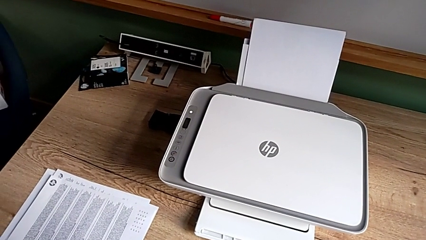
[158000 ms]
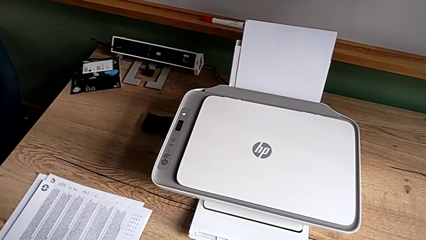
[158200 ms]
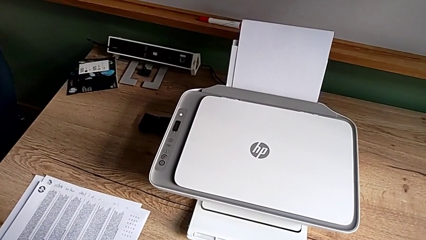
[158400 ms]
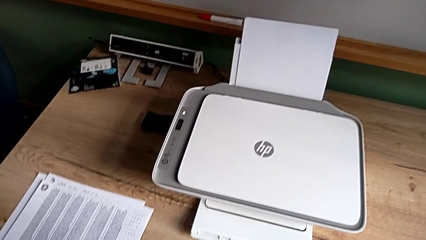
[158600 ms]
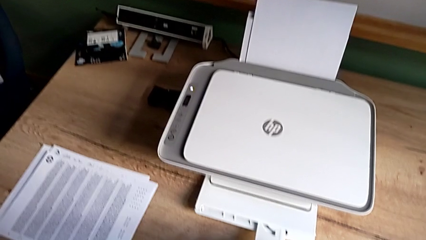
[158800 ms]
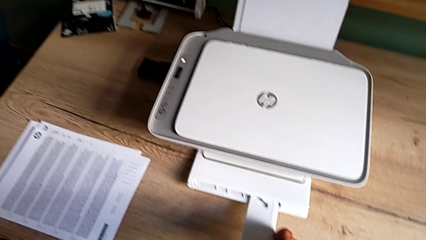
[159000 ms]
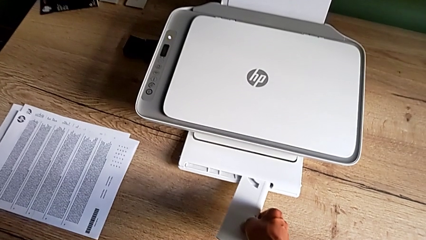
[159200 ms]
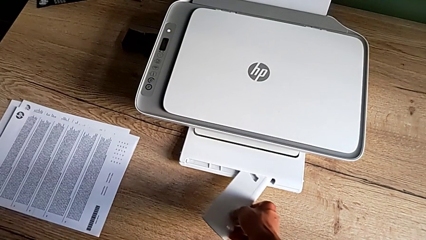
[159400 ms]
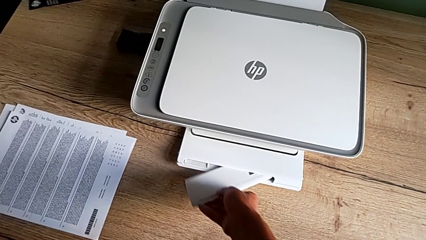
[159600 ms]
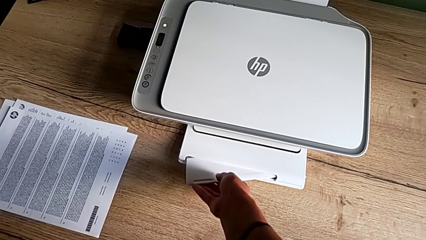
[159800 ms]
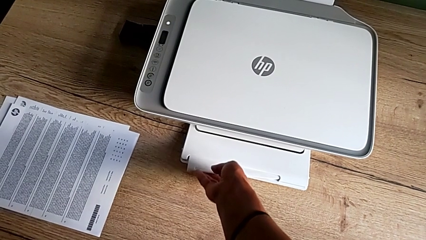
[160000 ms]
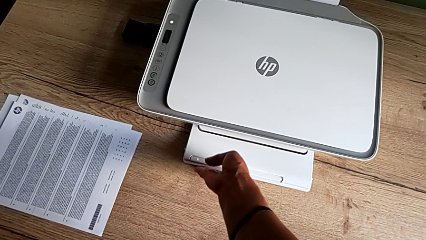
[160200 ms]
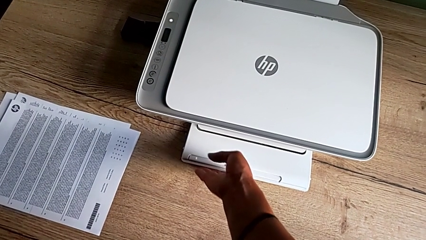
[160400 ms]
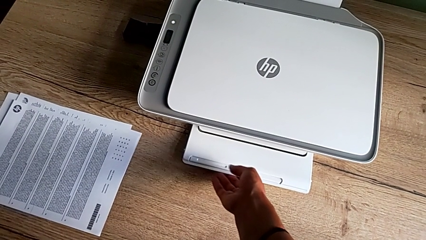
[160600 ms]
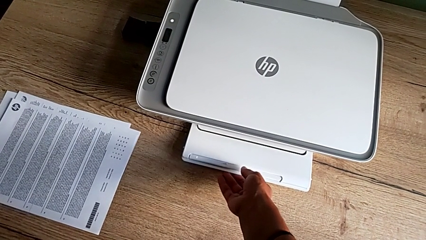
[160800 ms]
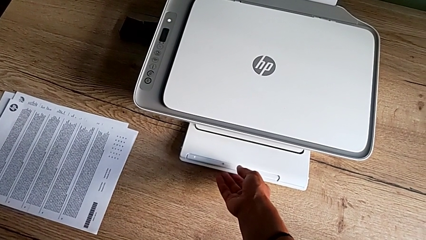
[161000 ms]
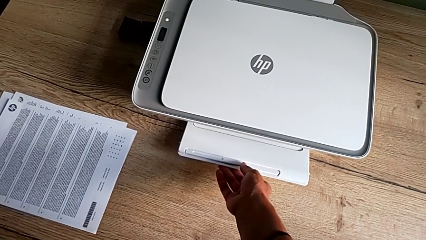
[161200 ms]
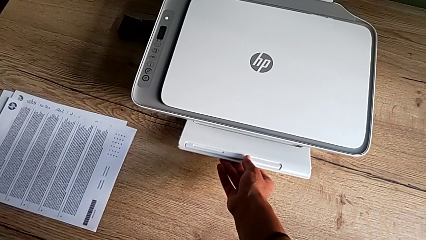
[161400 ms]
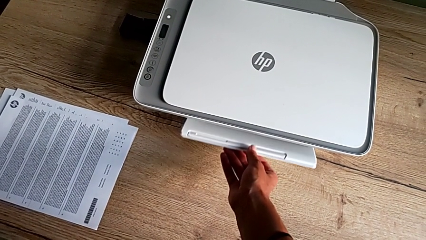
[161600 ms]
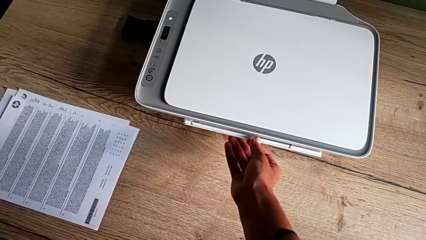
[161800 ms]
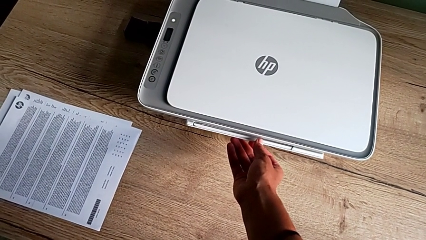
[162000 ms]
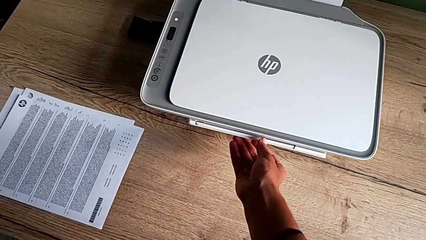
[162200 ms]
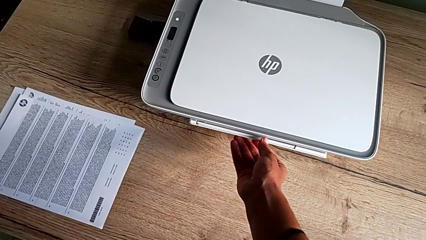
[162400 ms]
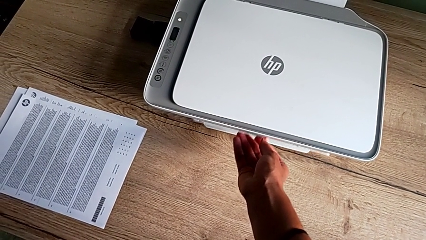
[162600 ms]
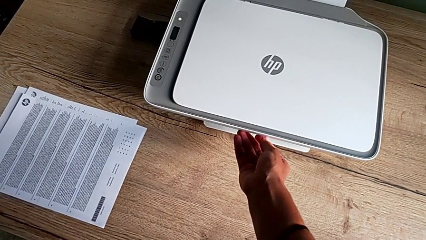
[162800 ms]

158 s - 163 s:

— Assignment —
Once the pictures are set aside, output the whole listing exactly.

— Answer to the exercise —
[158000 ms]
[158200 ms]
[158400 ms]
[158600 ms]
[158800 ms]
[159000 ms]
[159200 ms]
[159400 ms]
[159600 ms]
[159800 ms]
[160000 ms]
[160200 ms]
[160400 ms]
[160600 ms]
[160800 ms]
[161000 ms]
[161200 ms]
[161400 ms]
[161600 ms]
[161800 ms]
[162000 ms]
[162200 ms]
[162400 ms]
[162600 ms]
[162800 ms]

158 s - 163 s:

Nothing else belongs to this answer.